> **WHAT THE TASK REQUIRES**
Find every line in the records that holds the string "regular". Copy each one.

> **DATASET EXTRACT**
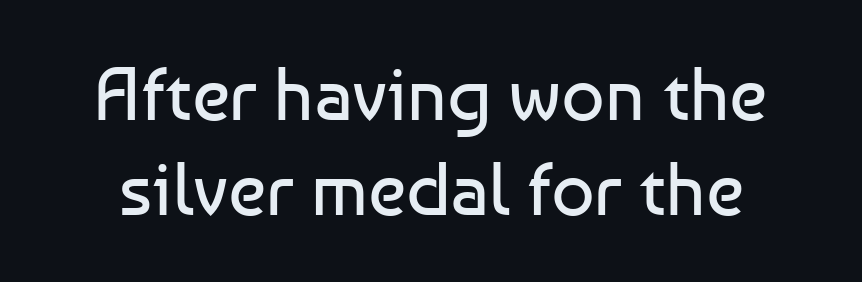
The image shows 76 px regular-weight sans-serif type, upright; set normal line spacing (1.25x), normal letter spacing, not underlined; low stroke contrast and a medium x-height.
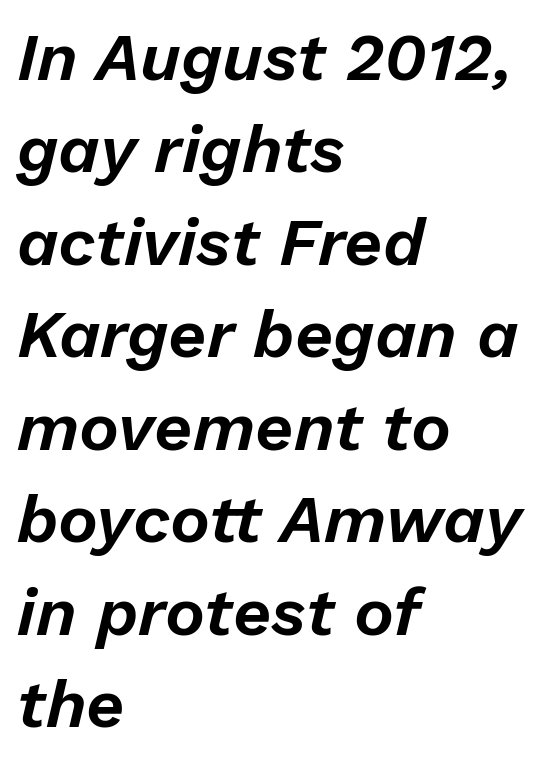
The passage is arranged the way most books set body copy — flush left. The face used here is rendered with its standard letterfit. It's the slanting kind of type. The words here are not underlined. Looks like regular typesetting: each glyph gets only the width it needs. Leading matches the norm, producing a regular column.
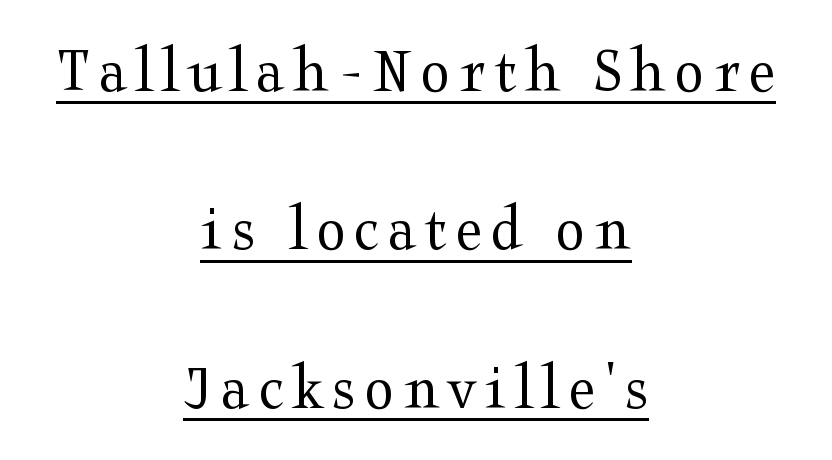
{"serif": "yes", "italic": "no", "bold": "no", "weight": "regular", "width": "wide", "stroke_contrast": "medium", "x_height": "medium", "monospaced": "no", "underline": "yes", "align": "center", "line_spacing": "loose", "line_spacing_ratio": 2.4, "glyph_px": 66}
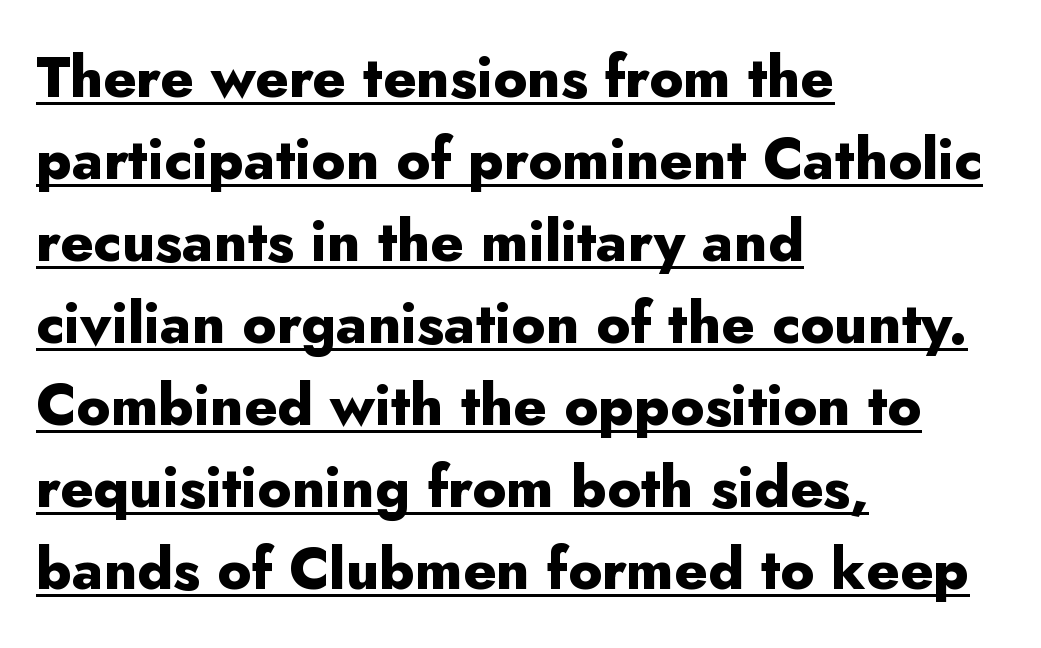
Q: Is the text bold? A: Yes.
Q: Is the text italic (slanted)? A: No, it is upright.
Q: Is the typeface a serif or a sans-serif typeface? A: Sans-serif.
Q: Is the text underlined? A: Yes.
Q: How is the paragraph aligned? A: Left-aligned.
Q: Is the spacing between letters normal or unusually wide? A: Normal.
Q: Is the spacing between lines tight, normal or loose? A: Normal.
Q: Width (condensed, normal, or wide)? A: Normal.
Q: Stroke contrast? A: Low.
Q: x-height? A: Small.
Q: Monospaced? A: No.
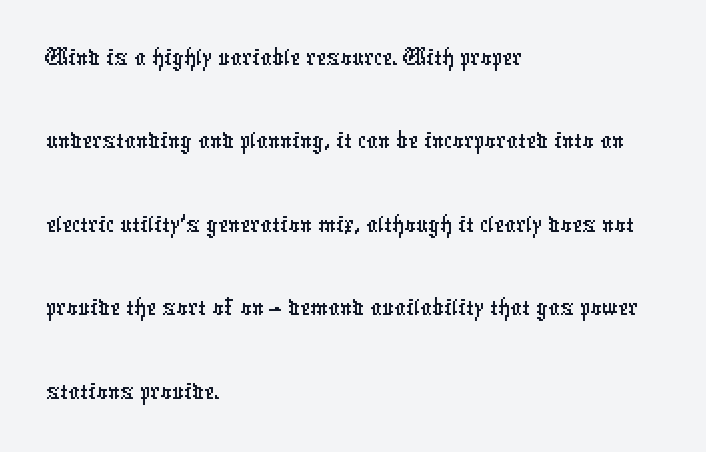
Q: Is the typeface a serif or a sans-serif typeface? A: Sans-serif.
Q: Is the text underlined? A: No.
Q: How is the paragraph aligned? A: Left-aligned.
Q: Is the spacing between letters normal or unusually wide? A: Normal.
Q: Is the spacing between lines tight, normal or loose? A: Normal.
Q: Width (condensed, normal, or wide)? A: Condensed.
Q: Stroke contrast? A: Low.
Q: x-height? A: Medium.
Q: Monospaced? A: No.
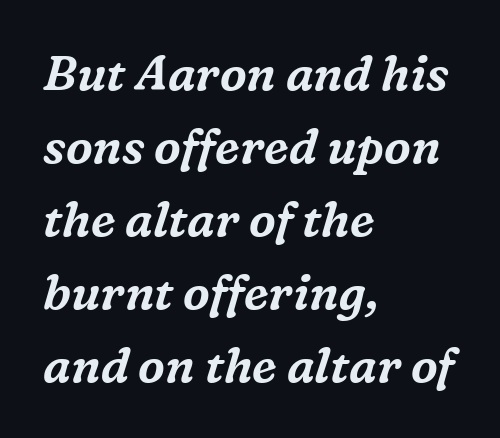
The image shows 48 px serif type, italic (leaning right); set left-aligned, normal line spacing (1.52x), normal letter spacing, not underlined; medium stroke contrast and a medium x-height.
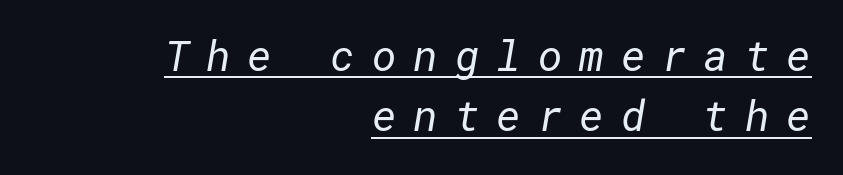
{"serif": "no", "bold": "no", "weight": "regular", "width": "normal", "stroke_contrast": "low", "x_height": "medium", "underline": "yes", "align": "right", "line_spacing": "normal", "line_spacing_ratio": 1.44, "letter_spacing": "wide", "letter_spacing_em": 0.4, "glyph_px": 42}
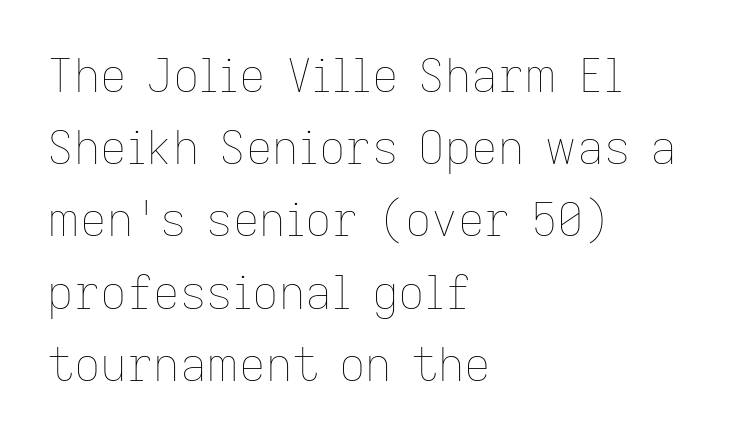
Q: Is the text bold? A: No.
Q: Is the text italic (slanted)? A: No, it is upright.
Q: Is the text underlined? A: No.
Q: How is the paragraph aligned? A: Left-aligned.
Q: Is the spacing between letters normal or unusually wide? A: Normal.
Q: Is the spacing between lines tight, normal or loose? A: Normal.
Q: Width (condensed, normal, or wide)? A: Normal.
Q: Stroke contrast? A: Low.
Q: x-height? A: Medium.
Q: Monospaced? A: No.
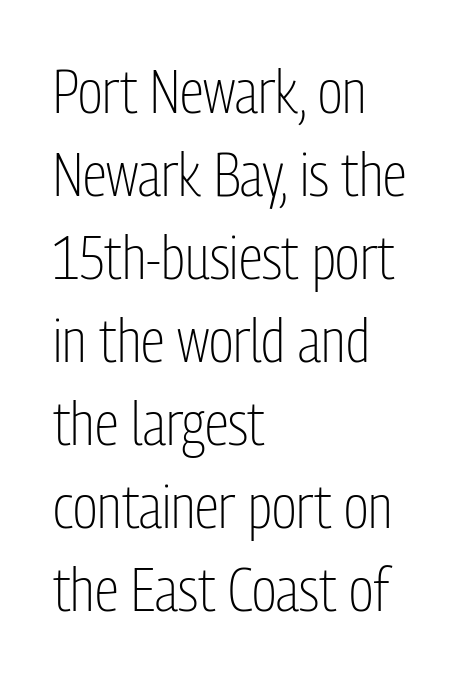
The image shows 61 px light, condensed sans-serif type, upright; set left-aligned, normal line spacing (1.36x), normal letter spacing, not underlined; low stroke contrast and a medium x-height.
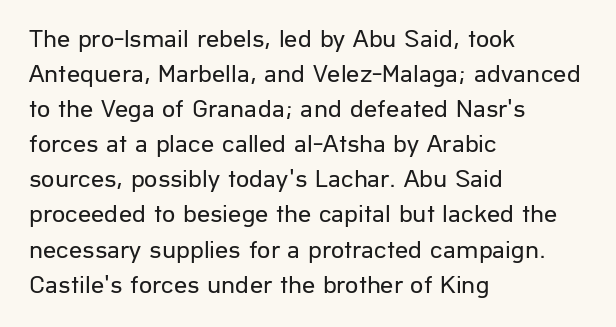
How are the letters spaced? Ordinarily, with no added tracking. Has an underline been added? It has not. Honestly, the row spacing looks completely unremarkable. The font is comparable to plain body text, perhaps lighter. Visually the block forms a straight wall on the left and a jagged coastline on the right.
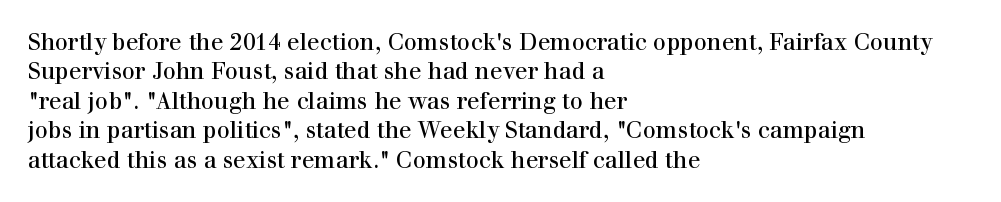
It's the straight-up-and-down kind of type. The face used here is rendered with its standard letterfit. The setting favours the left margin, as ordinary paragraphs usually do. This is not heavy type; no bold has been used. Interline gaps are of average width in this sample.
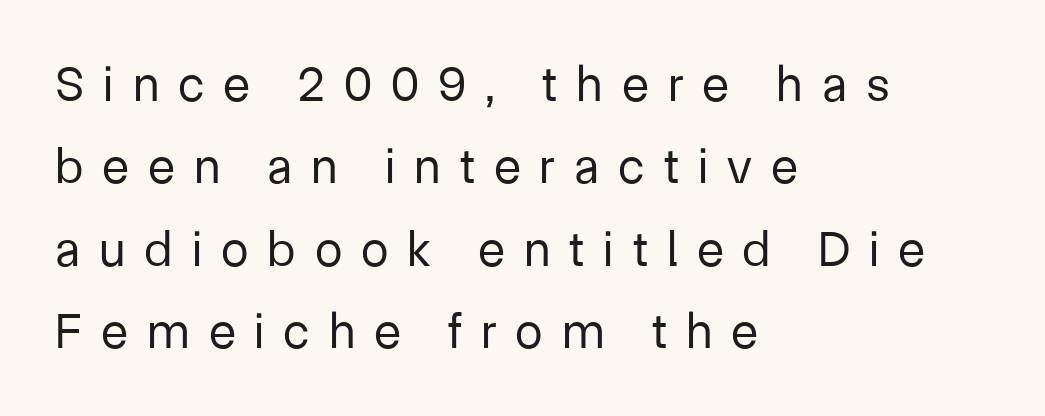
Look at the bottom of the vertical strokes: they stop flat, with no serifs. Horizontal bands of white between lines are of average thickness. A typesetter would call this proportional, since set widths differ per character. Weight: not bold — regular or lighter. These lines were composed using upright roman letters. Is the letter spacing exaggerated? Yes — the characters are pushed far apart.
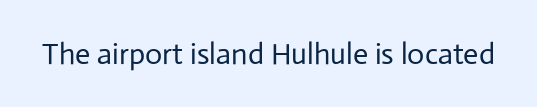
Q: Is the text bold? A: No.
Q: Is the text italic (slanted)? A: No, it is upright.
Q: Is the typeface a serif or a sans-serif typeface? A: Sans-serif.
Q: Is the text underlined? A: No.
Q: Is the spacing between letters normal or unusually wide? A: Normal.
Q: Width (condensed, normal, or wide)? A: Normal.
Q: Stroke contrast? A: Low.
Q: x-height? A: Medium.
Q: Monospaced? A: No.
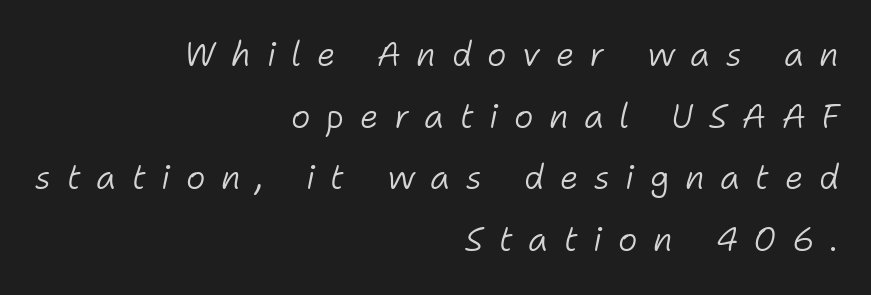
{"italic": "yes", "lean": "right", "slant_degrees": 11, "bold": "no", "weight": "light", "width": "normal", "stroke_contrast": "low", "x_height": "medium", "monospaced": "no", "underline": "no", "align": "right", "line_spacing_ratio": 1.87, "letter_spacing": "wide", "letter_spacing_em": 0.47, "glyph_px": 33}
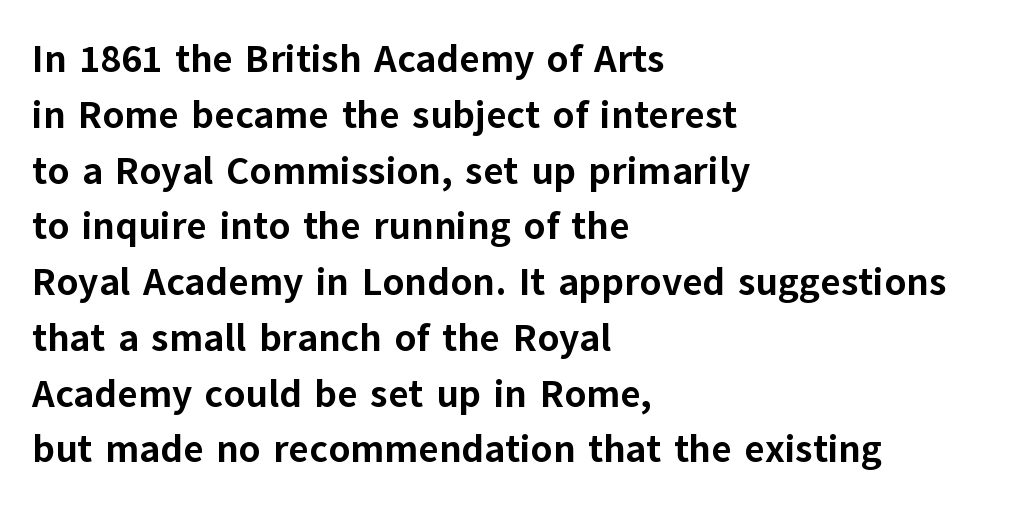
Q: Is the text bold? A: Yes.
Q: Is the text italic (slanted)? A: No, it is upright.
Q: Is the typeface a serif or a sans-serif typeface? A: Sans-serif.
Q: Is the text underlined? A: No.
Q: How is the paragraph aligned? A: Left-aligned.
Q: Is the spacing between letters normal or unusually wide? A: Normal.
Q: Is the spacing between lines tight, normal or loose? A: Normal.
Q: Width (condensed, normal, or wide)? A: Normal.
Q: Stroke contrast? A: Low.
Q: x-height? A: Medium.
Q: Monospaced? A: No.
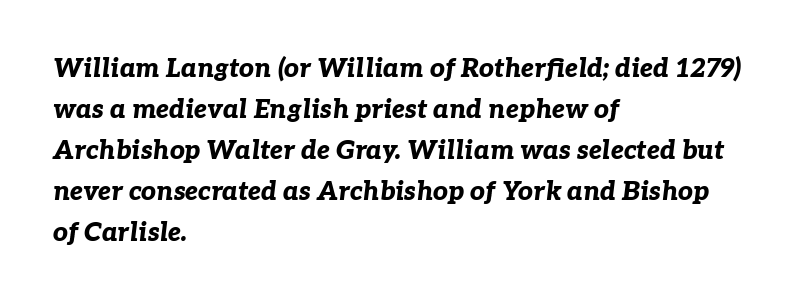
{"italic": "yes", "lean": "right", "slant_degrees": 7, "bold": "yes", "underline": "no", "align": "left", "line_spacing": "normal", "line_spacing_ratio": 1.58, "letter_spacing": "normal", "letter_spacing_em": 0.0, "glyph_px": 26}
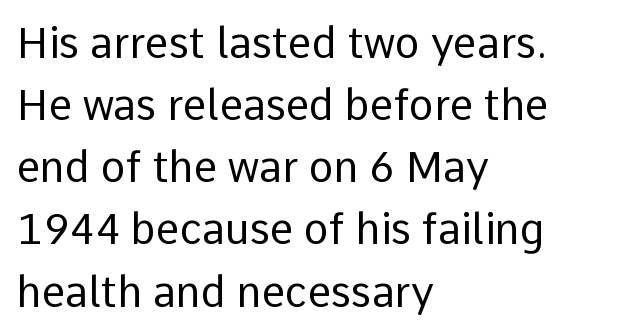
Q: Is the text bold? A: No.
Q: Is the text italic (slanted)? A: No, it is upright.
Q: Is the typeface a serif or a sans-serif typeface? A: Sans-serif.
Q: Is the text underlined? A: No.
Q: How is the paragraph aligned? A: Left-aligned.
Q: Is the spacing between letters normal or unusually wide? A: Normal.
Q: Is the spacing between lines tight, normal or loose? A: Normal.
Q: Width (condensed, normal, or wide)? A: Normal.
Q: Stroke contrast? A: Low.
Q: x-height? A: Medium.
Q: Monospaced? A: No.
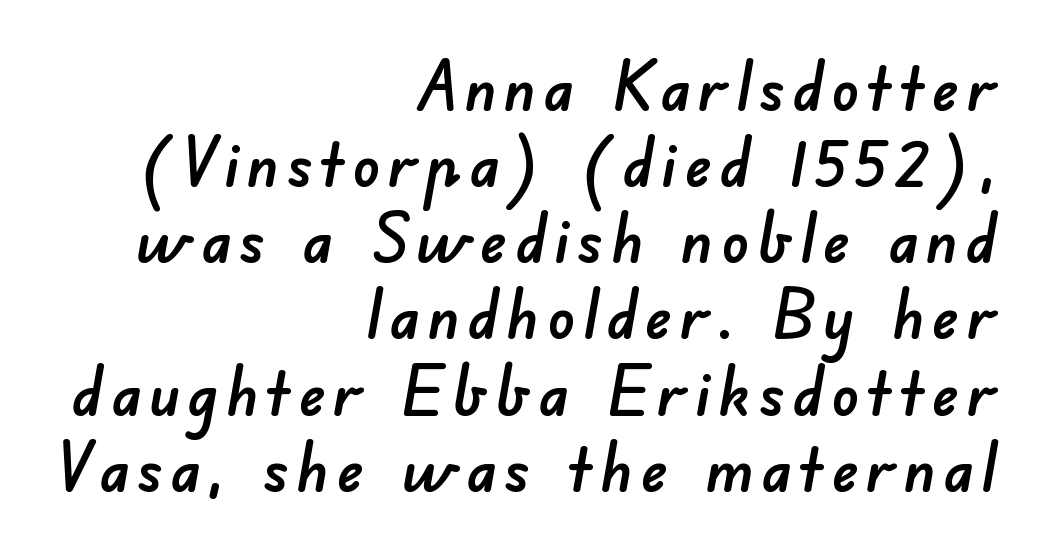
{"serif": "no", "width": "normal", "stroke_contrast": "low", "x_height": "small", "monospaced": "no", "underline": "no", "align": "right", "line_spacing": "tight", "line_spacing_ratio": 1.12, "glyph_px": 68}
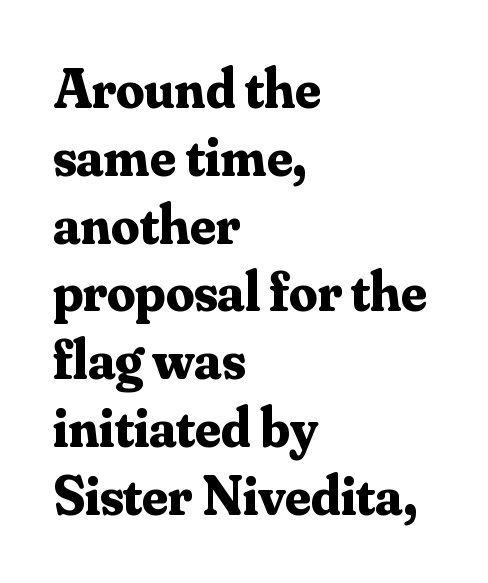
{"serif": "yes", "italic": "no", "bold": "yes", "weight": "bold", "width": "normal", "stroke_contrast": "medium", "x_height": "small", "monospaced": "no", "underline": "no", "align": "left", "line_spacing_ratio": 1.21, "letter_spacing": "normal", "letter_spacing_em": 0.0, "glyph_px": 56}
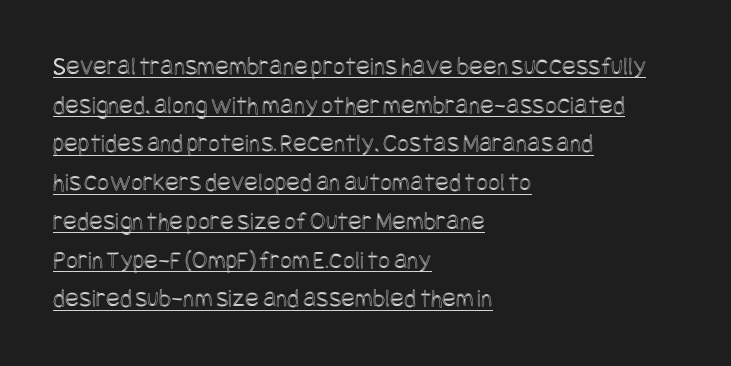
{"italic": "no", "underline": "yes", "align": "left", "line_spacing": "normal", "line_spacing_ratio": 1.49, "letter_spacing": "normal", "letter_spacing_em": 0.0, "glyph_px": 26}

> **OUTPUT**
The image shows 76 px regular-weight sans-serif type, upright; set normal line spacing (1.25x), normal letter spacing, not underlined; low stroke contrast and a medium x-height.
The passage is arranged the way most books set body copy — flush left. The face used here is rendered with its standard letterfit. It's the slanting kind of type. The words here are not underlined. Looks like regular typesetting: each glyph gets only the width it needs. Leading matches the norm, producing a regular column.
{"serif": "yes", "italic": "no", "bold": "no", "weight": "regular", "width": "wide", "stroke_contrast": "medium", "x_height": "medium", "monospaced": "no", "underline": "yes", "align": "center", "line_spacing": "loose", "line_spacing_ratio": 2.4, "glyph_px": 66}
{"serif": "no", "bold": "no", "weight": "regular", "width": "normal", "stroke_contrast": "low", "x_height": "medium", "underline": "yes", "align": "right", "line_spacing": "normal", "line_spacing_ratio": 1.44, "letter_spacing": "wide", "letter_spacing_em": 0.4, "glyph_px": 42}
Look at the bottom of the vertical strokes: they stop flat, with no serifs. Horizontal bands of white between lines are of average thickness. A typesetter would call this proportional, since set widths differ per character. Weight: not bold — regular or lighter. These lines were composed using upright roman letters. Is the letter spacing exaggerated? Yes — the characters are pushed far apart.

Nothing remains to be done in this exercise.